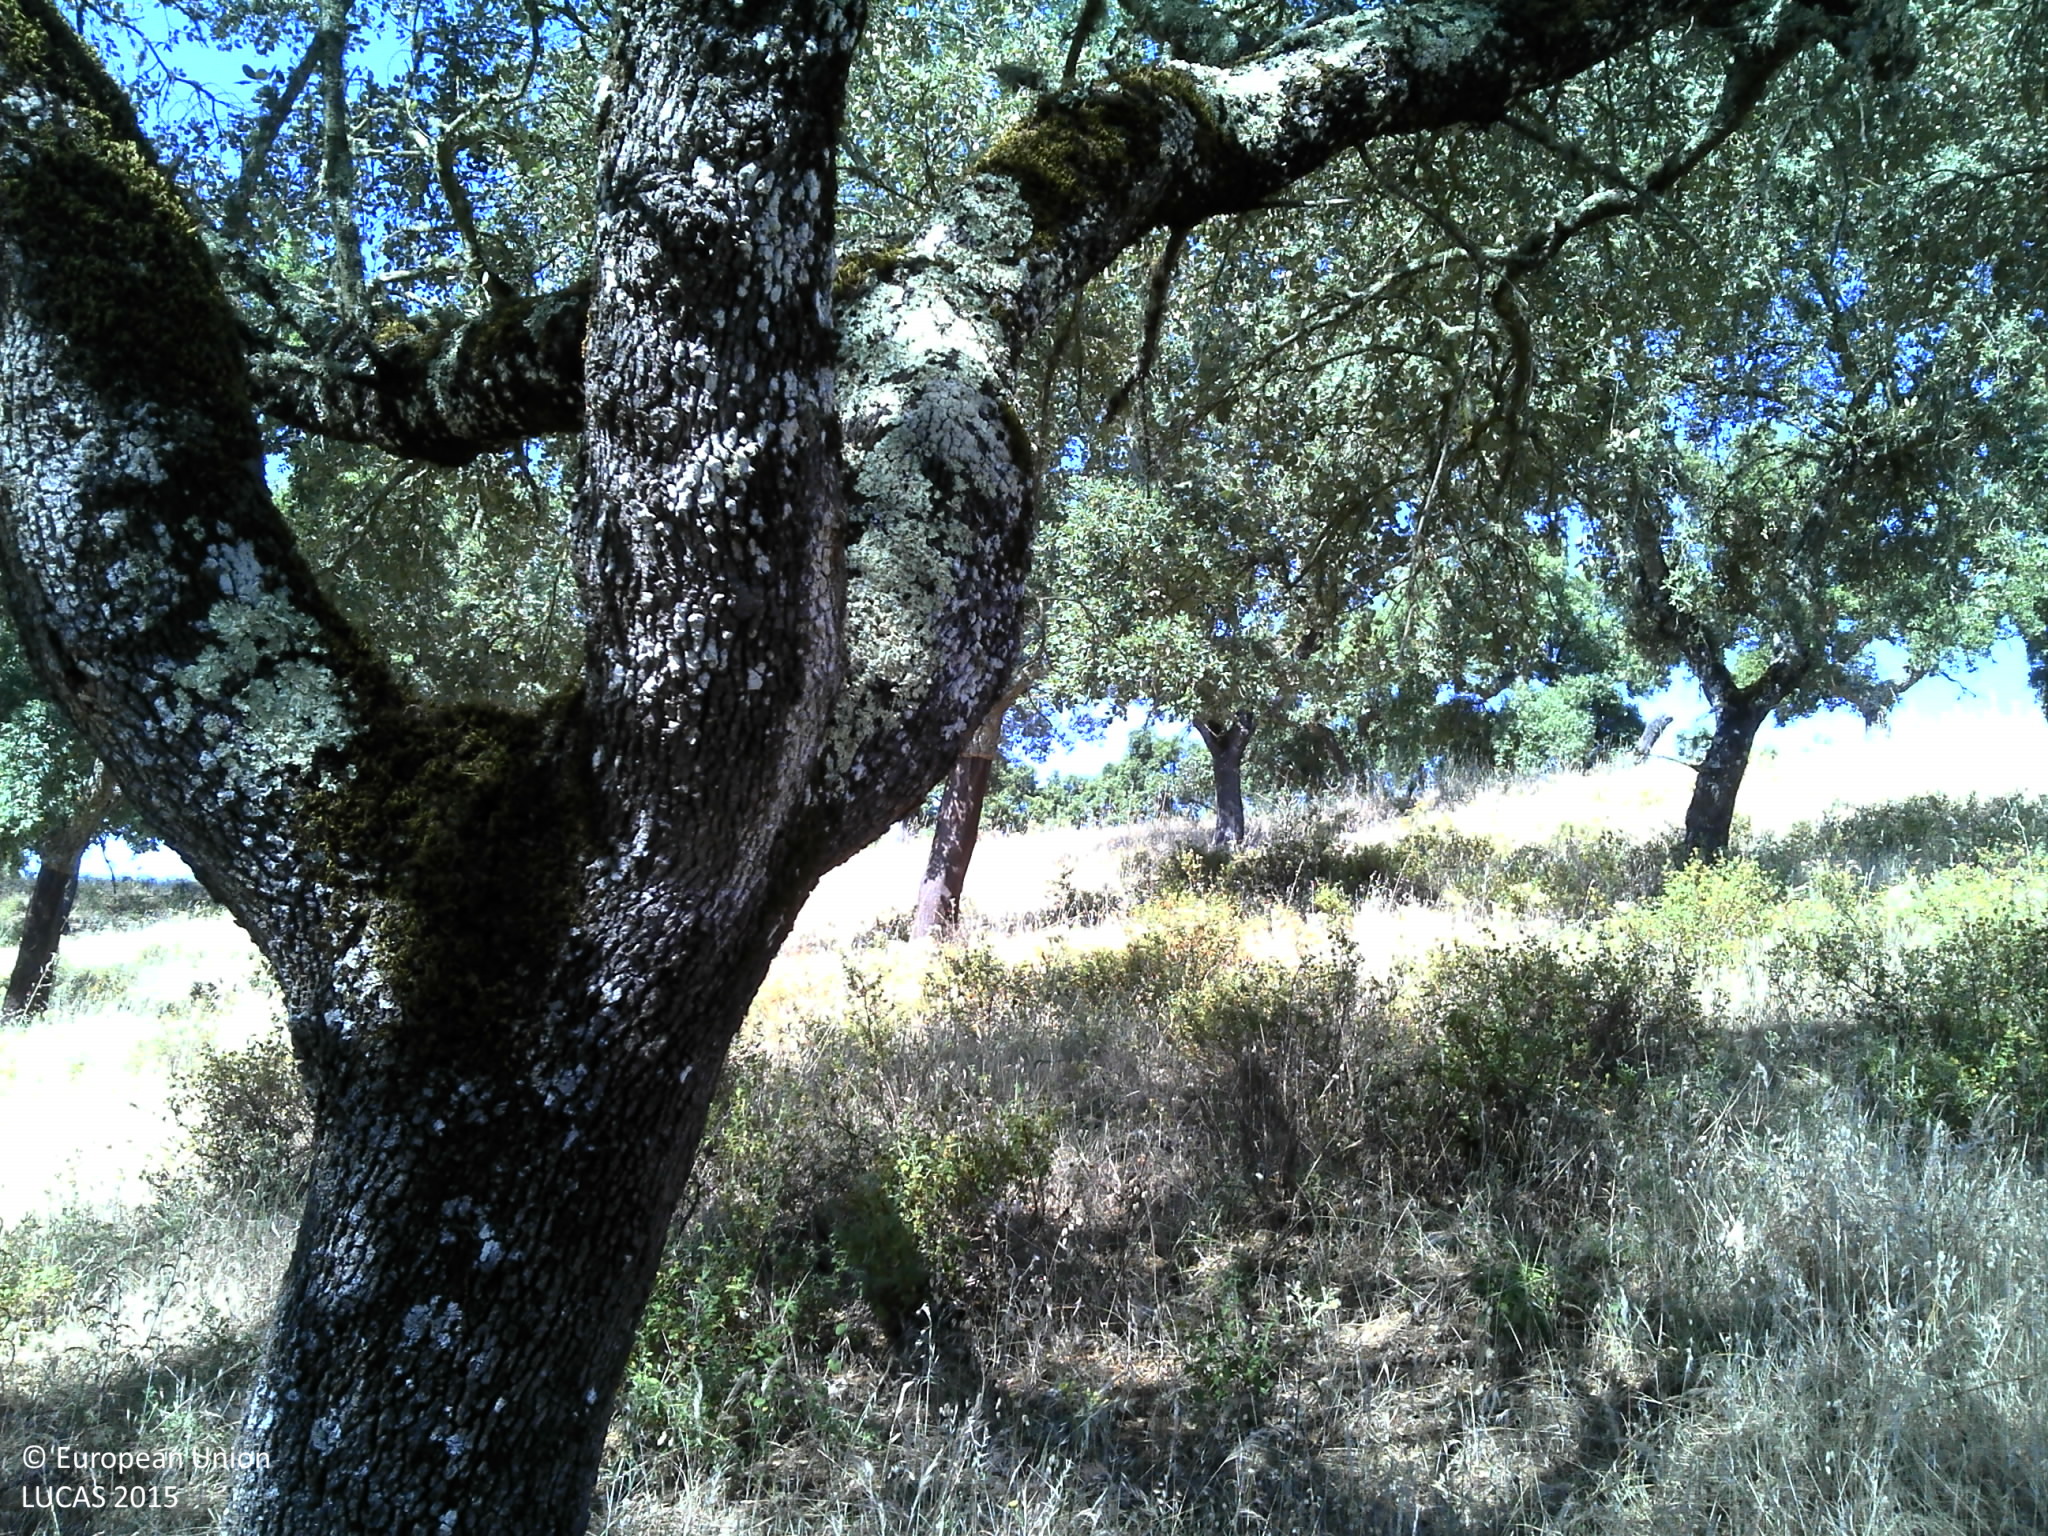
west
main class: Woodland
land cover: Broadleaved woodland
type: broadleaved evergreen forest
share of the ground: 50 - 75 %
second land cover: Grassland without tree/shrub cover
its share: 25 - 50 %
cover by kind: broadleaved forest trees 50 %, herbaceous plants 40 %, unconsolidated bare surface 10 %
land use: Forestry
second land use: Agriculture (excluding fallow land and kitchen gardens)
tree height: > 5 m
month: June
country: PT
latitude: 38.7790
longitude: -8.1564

* * *

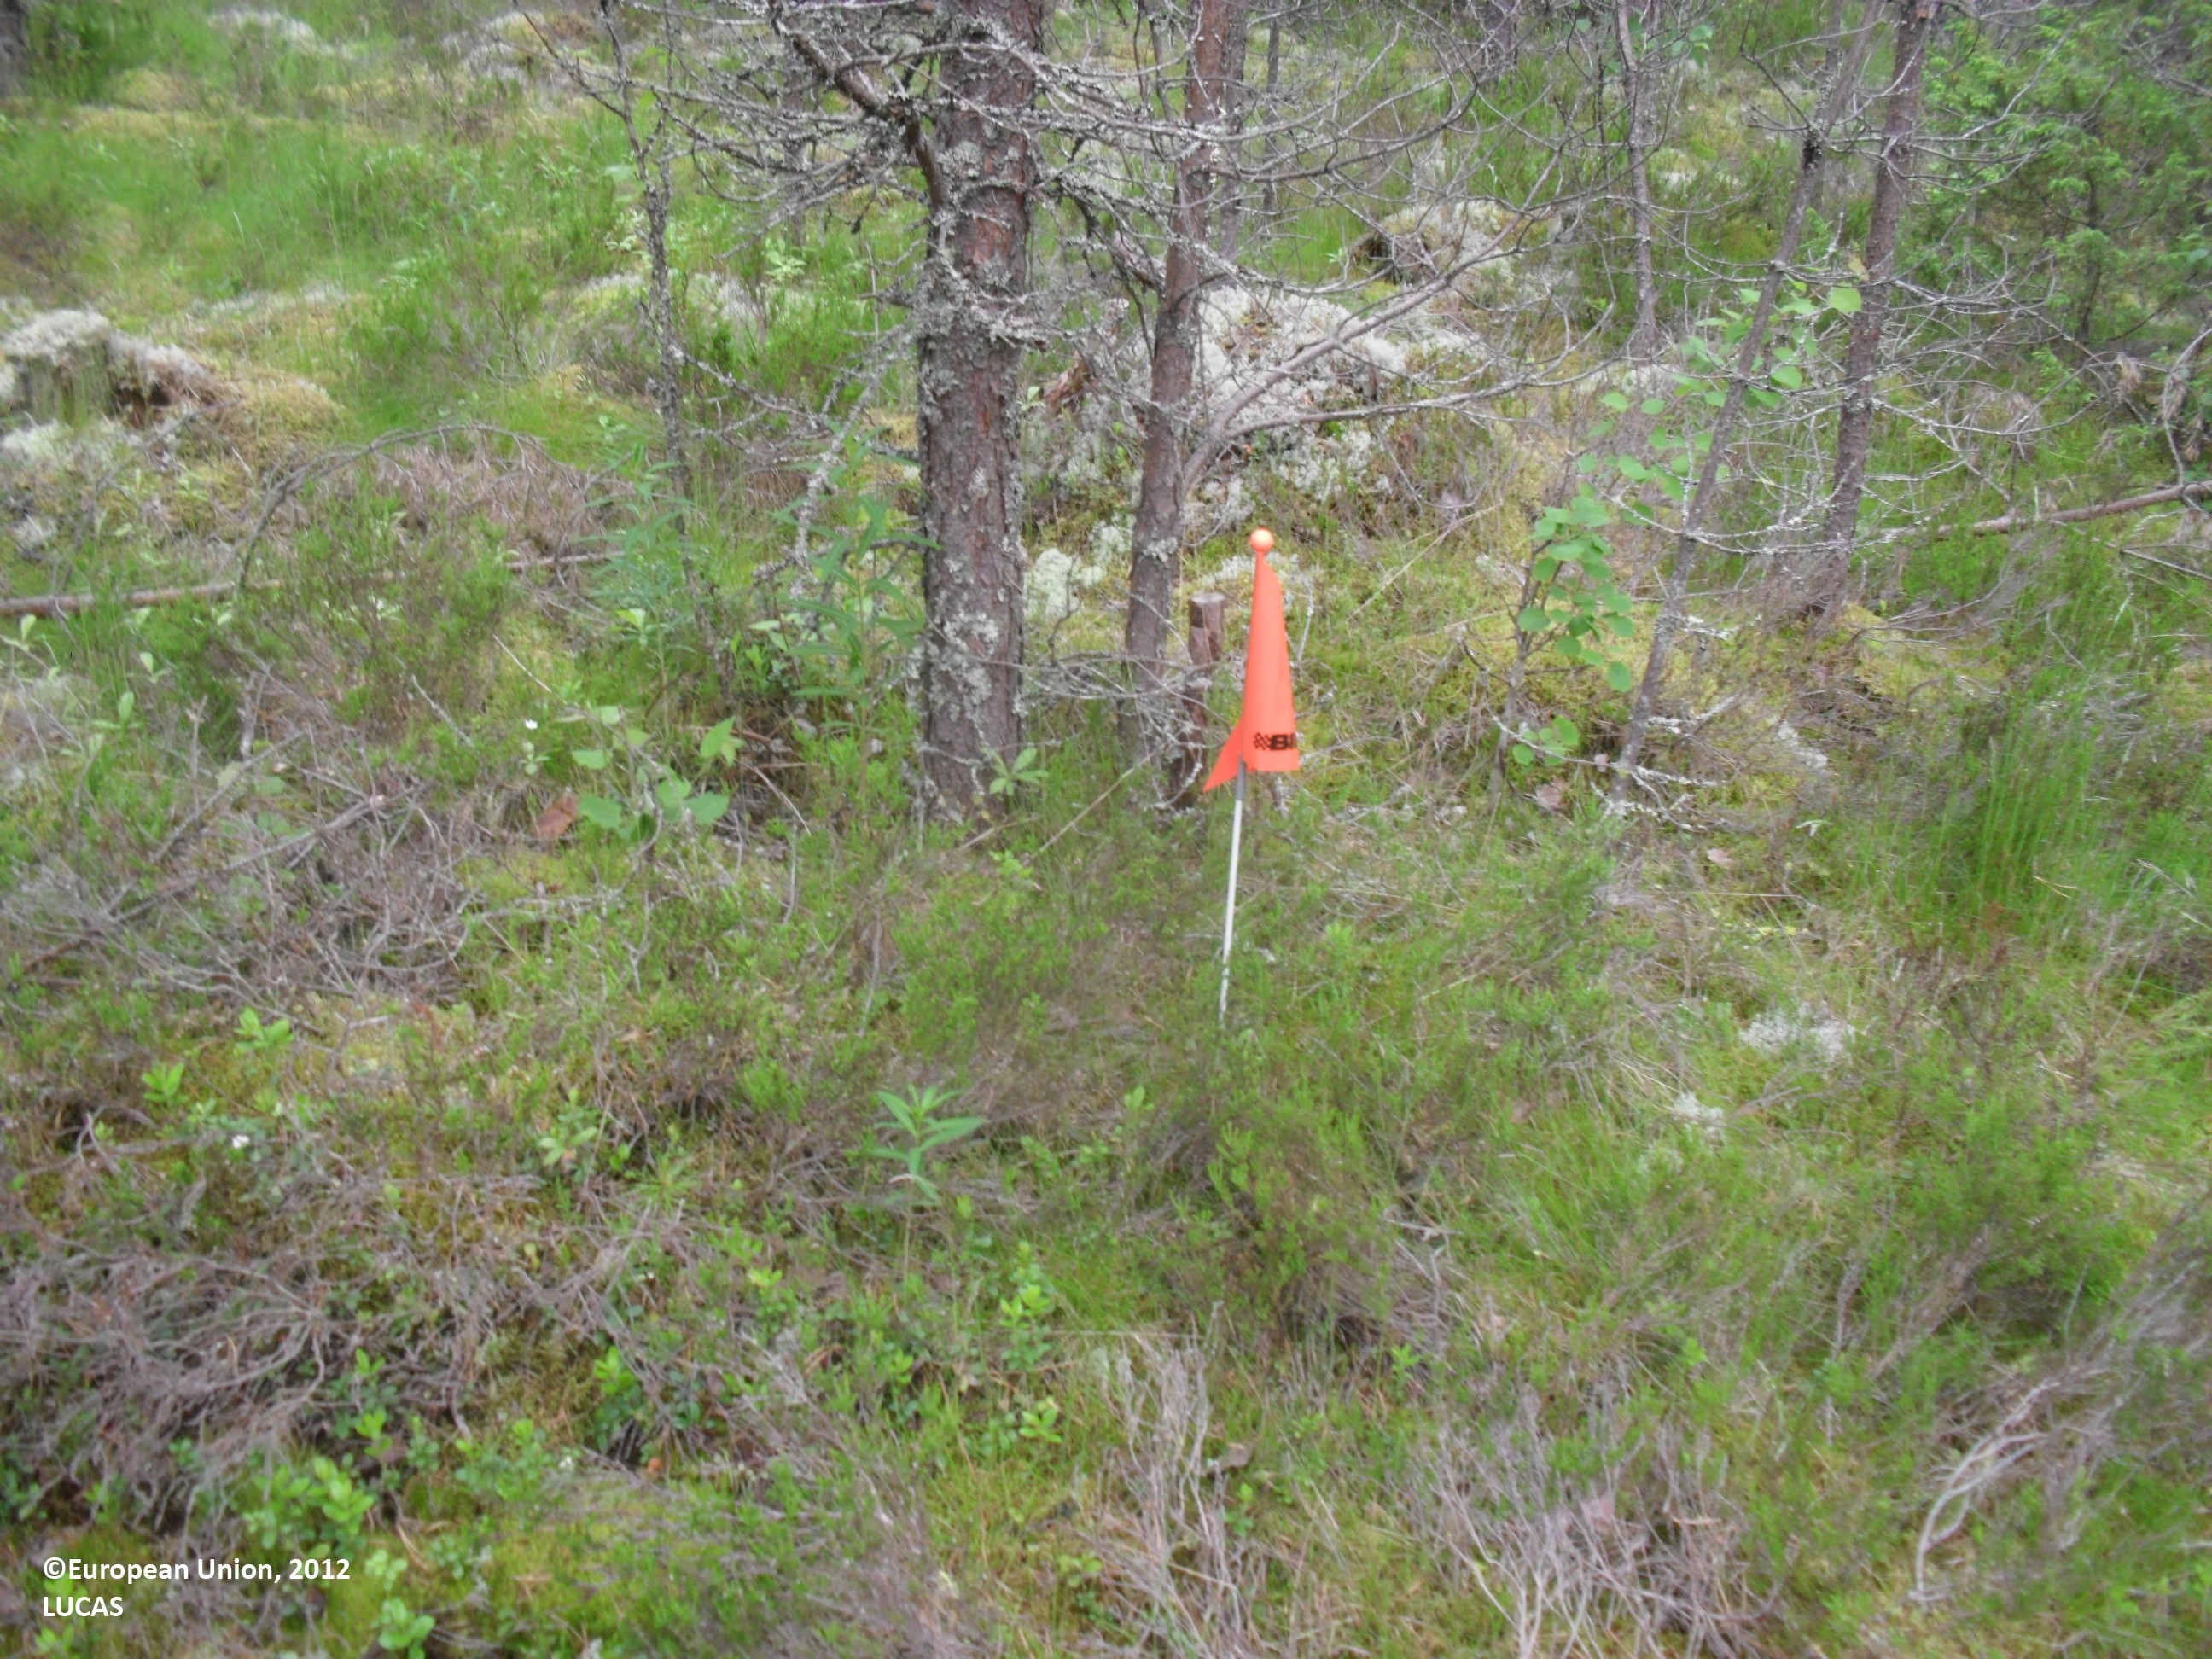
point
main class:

## WHAT IS BEING ASKED
Reproduce exactly the section above that begins at the line containing "cover by kind: broadleaved" and ends at the line containing "longitude: -8.1564", leaving out all other lines.

## SOLUTION FOR THIS TASK
cover by kind: broadleaved forest trees 50 %, herbaceous plants 40 %, unconsolidated bare surface 10 %
land use: Forestry
second land use: Agriculture (excluding fallow land and kitchen gardens)
tree height: > 5 m
month: June
country: PT
latitude: 38.7790
longitude: -8.1564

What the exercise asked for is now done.